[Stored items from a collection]
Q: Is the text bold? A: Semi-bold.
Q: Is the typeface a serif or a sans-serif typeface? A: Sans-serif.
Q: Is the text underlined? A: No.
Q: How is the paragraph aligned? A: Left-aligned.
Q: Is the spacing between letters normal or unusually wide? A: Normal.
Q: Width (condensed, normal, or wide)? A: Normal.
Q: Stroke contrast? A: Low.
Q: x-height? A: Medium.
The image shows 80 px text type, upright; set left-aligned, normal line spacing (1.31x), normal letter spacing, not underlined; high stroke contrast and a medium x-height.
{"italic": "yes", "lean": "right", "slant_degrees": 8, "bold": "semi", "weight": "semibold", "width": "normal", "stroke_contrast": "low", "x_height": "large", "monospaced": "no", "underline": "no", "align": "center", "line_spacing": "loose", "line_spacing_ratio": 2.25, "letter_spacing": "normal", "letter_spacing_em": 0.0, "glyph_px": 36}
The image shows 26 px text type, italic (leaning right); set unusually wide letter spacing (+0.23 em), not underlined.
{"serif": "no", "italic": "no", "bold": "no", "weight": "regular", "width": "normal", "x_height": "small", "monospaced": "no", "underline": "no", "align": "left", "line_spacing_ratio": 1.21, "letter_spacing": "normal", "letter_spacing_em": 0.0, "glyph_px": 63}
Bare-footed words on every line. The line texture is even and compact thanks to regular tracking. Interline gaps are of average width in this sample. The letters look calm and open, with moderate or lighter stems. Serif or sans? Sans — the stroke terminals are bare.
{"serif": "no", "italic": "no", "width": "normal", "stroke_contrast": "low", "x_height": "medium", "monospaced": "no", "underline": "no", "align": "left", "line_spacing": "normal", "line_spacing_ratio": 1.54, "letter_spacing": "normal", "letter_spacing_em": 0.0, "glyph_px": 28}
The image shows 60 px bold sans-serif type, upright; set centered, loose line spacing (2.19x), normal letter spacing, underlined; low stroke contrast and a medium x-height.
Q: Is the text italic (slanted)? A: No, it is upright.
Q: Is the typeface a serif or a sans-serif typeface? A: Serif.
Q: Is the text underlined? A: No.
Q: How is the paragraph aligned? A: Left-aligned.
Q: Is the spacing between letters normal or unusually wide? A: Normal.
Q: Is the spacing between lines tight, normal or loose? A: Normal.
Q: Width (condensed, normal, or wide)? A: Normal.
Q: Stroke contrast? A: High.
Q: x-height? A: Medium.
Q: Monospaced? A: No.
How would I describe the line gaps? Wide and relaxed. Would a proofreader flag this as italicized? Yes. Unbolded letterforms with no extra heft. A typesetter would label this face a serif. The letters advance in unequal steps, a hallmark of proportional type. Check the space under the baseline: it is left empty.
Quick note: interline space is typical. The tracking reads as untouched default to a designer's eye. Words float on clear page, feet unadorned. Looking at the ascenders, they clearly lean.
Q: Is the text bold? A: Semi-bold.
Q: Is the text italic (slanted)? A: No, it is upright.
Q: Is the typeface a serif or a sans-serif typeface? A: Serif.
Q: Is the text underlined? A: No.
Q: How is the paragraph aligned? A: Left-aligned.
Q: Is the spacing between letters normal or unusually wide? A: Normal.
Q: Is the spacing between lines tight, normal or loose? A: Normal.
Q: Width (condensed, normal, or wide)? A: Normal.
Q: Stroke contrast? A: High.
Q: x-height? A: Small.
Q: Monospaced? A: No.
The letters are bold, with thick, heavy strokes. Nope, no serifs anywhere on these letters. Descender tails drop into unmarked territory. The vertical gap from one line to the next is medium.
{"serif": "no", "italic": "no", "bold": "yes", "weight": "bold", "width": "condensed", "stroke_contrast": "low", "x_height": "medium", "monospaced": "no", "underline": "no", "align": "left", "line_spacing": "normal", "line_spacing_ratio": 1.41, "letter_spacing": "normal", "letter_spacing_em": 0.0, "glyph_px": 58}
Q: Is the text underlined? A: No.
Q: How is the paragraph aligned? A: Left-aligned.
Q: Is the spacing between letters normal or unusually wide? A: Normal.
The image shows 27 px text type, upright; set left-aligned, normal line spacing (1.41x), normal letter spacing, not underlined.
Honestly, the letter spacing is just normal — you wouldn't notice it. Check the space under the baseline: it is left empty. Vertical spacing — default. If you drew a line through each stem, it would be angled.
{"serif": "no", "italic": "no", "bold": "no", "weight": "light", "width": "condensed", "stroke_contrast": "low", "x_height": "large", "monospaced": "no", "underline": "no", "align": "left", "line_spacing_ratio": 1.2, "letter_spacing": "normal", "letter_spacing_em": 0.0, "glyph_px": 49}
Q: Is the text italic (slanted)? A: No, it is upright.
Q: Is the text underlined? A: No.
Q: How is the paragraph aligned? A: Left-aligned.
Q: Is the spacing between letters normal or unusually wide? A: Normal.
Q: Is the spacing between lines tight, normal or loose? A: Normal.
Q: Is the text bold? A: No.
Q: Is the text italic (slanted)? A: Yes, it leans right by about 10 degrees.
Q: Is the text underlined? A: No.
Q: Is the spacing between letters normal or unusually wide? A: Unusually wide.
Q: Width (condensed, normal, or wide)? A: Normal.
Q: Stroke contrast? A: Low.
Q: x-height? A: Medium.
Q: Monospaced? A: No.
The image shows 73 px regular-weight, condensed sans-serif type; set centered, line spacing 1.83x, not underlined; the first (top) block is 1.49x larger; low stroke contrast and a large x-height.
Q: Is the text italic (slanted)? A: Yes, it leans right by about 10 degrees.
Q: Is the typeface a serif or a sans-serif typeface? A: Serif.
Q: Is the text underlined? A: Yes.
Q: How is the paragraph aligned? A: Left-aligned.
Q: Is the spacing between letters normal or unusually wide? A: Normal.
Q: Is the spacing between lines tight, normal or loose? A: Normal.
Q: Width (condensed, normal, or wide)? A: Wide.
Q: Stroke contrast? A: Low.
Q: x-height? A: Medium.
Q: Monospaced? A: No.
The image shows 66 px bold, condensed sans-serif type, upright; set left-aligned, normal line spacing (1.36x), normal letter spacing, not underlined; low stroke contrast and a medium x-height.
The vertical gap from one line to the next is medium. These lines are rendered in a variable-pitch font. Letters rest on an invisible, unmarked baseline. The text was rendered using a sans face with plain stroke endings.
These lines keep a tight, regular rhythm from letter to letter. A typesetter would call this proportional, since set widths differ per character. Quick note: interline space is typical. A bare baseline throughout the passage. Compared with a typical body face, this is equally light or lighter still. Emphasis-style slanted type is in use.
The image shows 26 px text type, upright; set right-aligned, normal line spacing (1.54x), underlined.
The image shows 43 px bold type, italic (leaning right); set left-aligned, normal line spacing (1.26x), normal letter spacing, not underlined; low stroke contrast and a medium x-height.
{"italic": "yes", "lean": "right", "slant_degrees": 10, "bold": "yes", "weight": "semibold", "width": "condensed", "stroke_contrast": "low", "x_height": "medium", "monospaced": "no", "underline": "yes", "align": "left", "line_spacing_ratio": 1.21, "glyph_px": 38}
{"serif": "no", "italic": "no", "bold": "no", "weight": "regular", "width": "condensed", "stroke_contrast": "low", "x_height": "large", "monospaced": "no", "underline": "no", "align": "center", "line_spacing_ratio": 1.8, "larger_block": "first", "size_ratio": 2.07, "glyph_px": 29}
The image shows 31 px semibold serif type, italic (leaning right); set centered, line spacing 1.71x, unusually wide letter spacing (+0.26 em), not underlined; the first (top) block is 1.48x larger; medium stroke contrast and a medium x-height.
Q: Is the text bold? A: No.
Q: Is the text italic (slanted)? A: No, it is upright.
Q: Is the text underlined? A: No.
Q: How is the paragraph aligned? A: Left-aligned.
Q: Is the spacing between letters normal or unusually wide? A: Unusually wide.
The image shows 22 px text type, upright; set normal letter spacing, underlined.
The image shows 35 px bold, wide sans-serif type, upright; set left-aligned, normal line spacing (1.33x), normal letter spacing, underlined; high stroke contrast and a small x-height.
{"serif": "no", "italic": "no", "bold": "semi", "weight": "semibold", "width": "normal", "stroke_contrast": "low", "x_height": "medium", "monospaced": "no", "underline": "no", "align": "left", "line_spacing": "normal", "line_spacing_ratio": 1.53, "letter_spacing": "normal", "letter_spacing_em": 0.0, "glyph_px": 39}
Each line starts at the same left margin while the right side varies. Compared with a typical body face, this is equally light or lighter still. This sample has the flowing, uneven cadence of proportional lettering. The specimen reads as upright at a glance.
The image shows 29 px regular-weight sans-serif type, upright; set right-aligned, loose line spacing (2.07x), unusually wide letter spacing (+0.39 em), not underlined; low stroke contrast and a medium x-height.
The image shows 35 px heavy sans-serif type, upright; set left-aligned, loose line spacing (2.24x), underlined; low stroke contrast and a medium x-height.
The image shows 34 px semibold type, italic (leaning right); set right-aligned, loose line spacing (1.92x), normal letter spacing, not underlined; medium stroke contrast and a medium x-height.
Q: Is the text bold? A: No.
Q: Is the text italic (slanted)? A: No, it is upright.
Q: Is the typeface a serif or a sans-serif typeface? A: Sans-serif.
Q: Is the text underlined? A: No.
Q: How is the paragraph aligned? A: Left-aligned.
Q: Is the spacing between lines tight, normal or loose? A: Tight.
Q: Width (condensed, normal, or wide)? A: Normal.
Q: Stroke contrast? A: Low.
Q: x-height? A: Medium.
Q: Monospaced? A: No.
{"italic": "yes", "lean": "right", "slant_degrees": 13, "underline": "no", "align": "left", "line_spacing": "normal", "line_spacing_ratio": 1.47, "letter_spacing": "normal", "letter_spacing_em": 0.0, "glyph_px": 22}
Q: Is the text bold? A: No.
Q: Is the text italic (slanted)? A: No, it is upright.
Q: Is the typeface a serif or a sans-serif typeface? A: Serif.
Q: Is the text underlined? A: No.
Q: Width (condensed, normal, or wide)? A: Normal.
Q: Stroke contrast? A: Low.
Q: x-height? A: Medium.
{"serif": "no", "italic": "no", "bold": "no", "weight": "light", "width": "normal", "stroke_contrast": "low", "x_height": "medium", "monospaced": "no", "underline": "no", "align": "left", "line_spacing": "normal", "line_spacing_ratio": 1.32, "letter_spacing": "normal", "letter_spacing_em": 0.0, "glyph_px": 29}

- _WORK INSTRUCTION_: Take exactly the lines from the one containing "Q: Is the text underlined? A: Yes." through the one containing "The image shows 66" in the data above, and output them with nothing added.

- _ANSWER TO THIS PROBLEM_:
Q: Is the text underlined? A: Yes.
Q: How is the paragraph aligned? A: Left-aligned.
Q: Is the spacing between letters normal or unusually wide? A: Normal.
Q: Is the spacing between lines tight, normal or loose? A: Normal.
Q: Width (condensed, normal, or wide)? A: Wide.
Q: Stroke contrast? A: Low.
Q: x-height? A: Medium.
Q: Monospaced? A: No.
The image shows 66 px bold, condensed sans-serif type, upright; set left-aligned, normal line spacing (1.36x), normal letter spacing, not underlined; low stroke contrast and a medium x-height.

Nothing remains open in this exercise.